There's an article out on the web that you want students to read. Or a video to watch. Let's say you've created an online document you want students to look at. What do you do?

Provide them with a link. Easy as that. 

  1. Find the link. My favorite way is to pull up the article, video, or other webpage and just copy the link out of my web browser. (Sometimes, if you copy a link directly out of a search engine search, it creates a super complicated, really long link. Pulling it up in a browser and copying the link avoids that.)
  2. If it's file you created, make sure you've set the sharing setting so students can access it. If it's from G Suite or Microsoft Office, hit the "Share" button and make sure the settings give students access. My favorite: "Anyone with the link can view" if you just want students to be able to see it.
  3. Add your link to the description of your assignment. Make sure you give students instructions on what to do with it. 

Where to find articles, videos, and interactive activities:

2. Students create a new file.

Difficulty level: Easy

If your students have a Google account or Microsoft account, that means they probably are able to use G Suite / Google Workspace or Microsoft 365. They can create online documents, edit them, and share them.

Documents? Slide presentations? Spreadsheets? Other such files? Those can be used in assignments in your learning management system (LMS) -- even if your LMS doesn't integrate it neatly and easily in the assignments. 

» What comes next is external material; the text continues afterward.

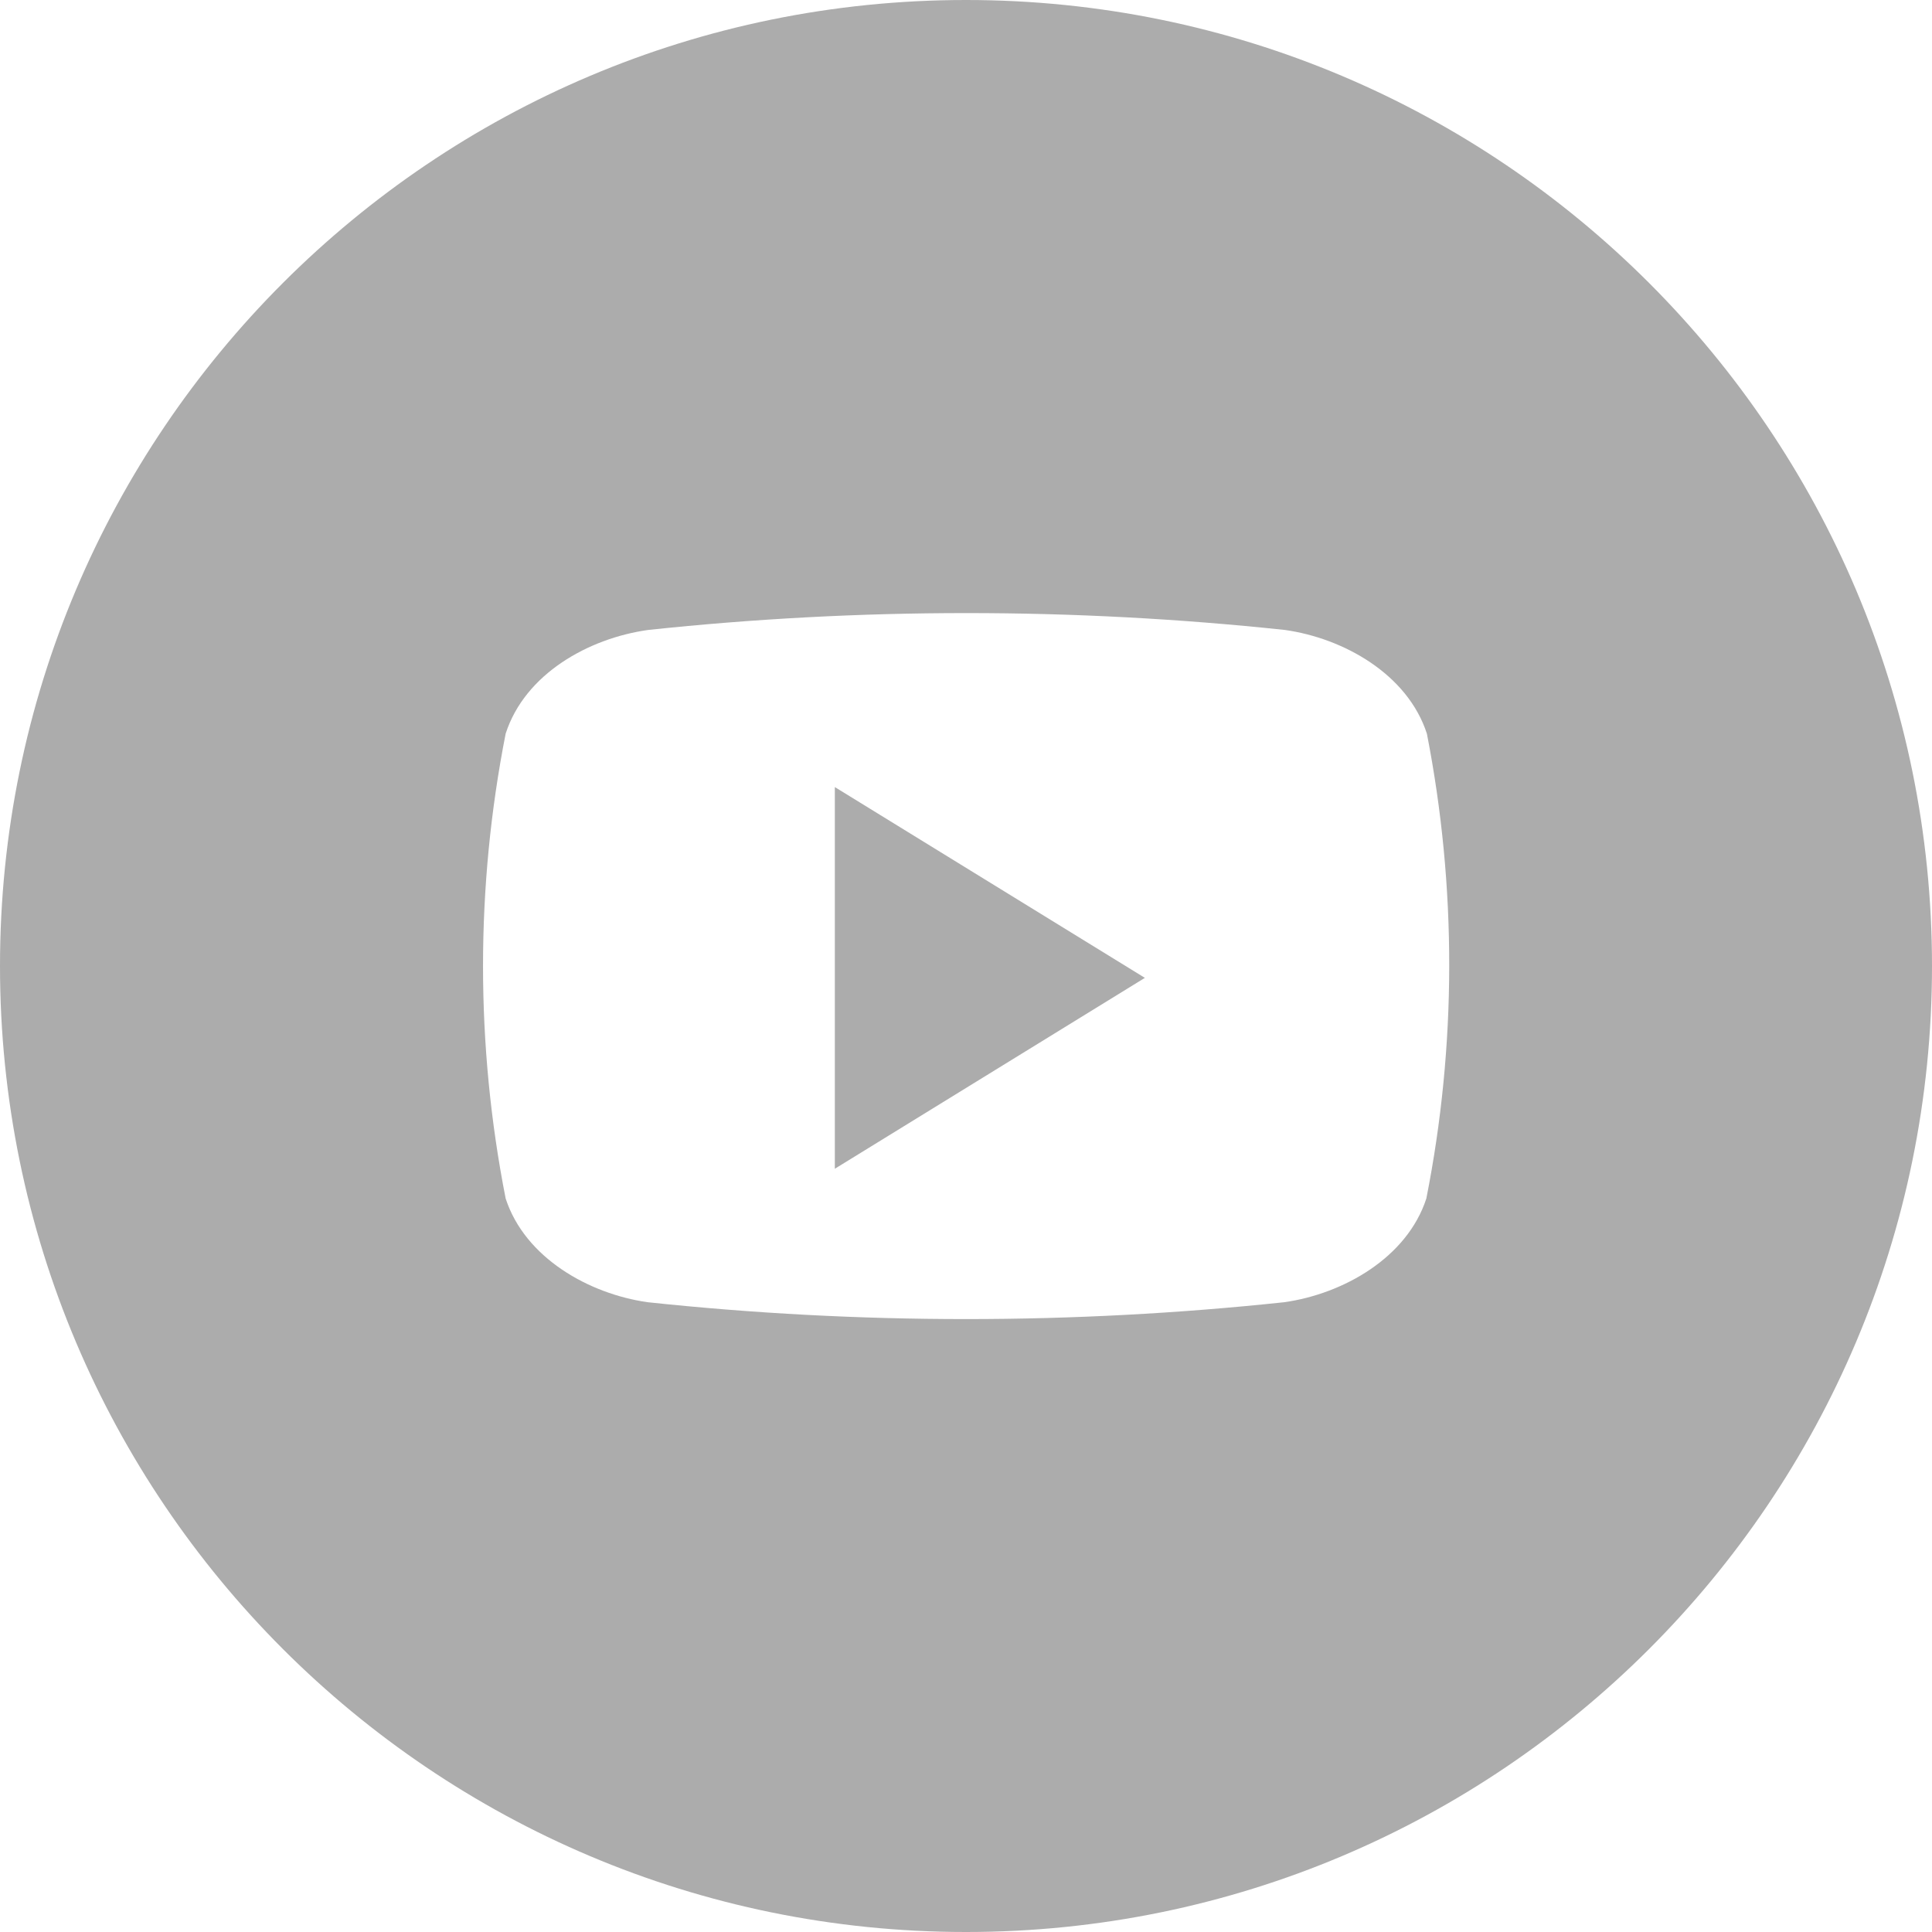 <?xml version="1.0" encoding="UTF-8"?>
<svg xmlns="http://www.w3.org/2000/svg" width="36" height="36" viewBox="0 0 36 36" fill="none">
  <path d="M15.556 14.666L21.333 18.221L15.556 21.778V14.666Z" fill="#ACACAC"></path>
  <path fill-rule="evenodd" clip-rule="evenodd" d="M0 18C0 8.059 8.059 0 18 0C27.941 0 36 8.059 36 18C36 27.941 27.941 36 18 36C8.059 36 0 27.941 0 18ZM23.93 24.265C25.027 24.11 26.218 23.438 26.578 22.332C27.143 19.473 27.146 16.531 26.588 13.671C26.228 12.562 25.037 11.892 23.94 11.738C19.997 11.319 16.021 11.319 12.079 11.738C10.973 11.892 9.782 12.553 9.422 13.671C8.86 16.53 8.86 19.472 9.422 22.332C9.782 23.438 10.973 24.11 12.069 24.265C16.012 24.684 19.988 24.684 23.93 24.265Z" fill="#ACACAC"></path>
</svg>

  1. Tell students what kind of file to create (document, slide presentation, spreadsheet, etc.) from their own Google/Microsoft account.
  2. Students create a new file and do their work. 
  3. Students use the "Share" button to adjust sharing settings so you can view and grade their work. Ask them to change it to "Anyone with the link can comment" if you don't want to make changes to the file but just leave comments for feedback. Otherwise, have them use "Anyone with the link can edit" if you do want to make changes to the file. 
  4. Students copy the link and turn it in with their assignment. In some LMS, you can specify what type of submission students make. In the image below, Canvas LMS lets you choose a website URL as the thing students turn in. Even if your LMS doesn't do this, students can find a way to submit the link to their file to you -- even if they paste that link into a document that they submit to you. (Note: With Google and Microsoft files, students can often download them as files that they can upload to submit.)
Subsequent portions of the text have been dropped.